[Start of Attachment]
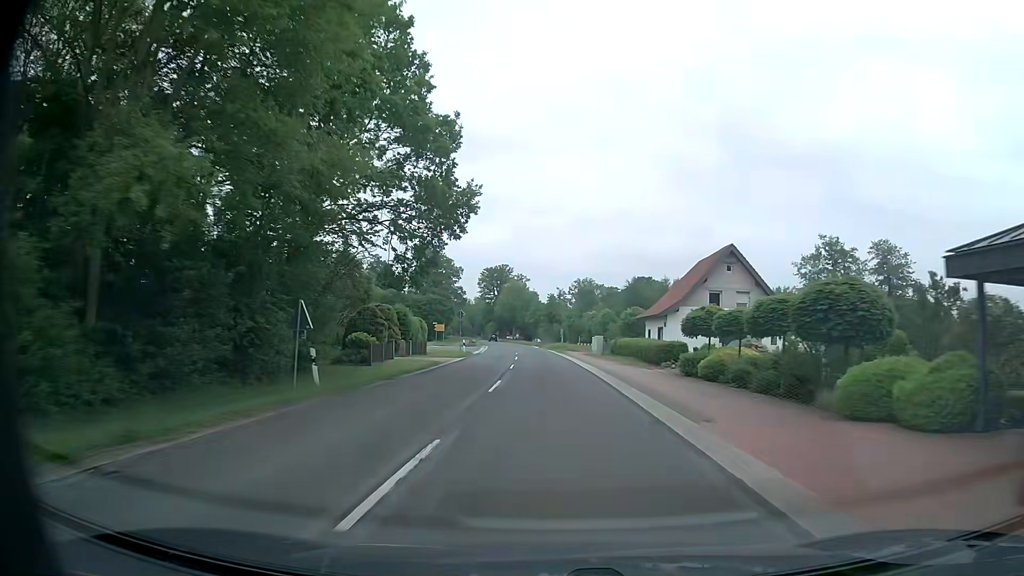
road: secondary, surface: asphalt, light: Day
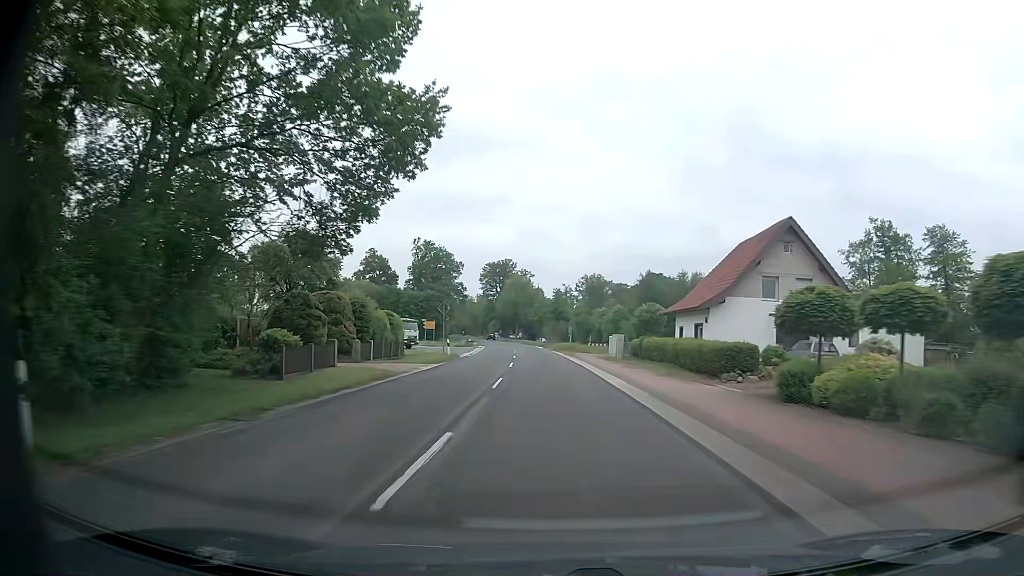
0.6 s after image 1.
(0.0, +11.4) m; 0°
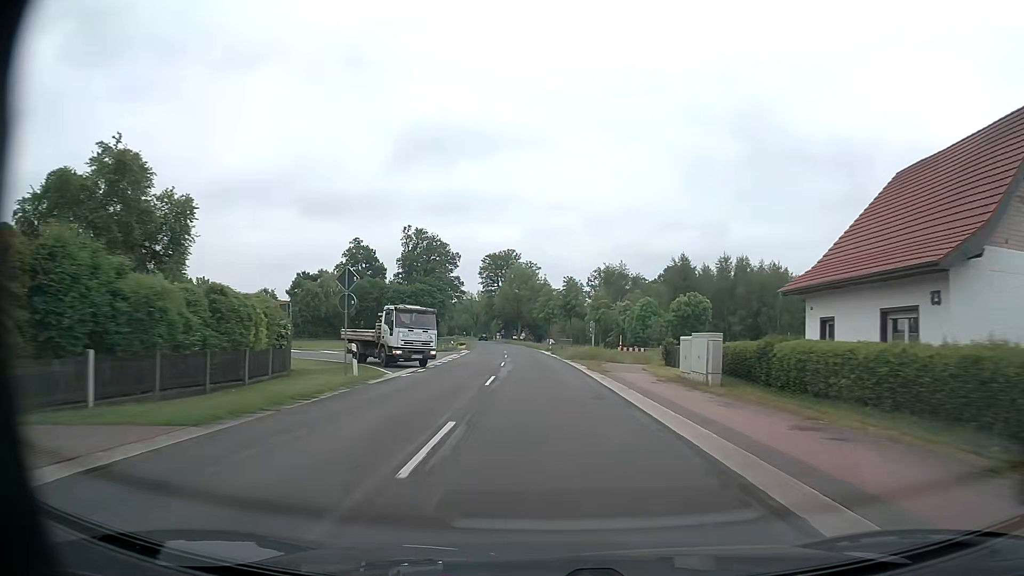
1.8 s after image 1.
(-0.3, +22.9) m; -1°
[End of Attachment]
Give back an exact reproduction of the entries, with all pictures excluded.

road: secondary, surface: asphalt, light: Day
0.6 s after image 1.
(0.0, +11.4) m; 0°
1.8 s after image 1.
(-0.3, +22.9) m; -1°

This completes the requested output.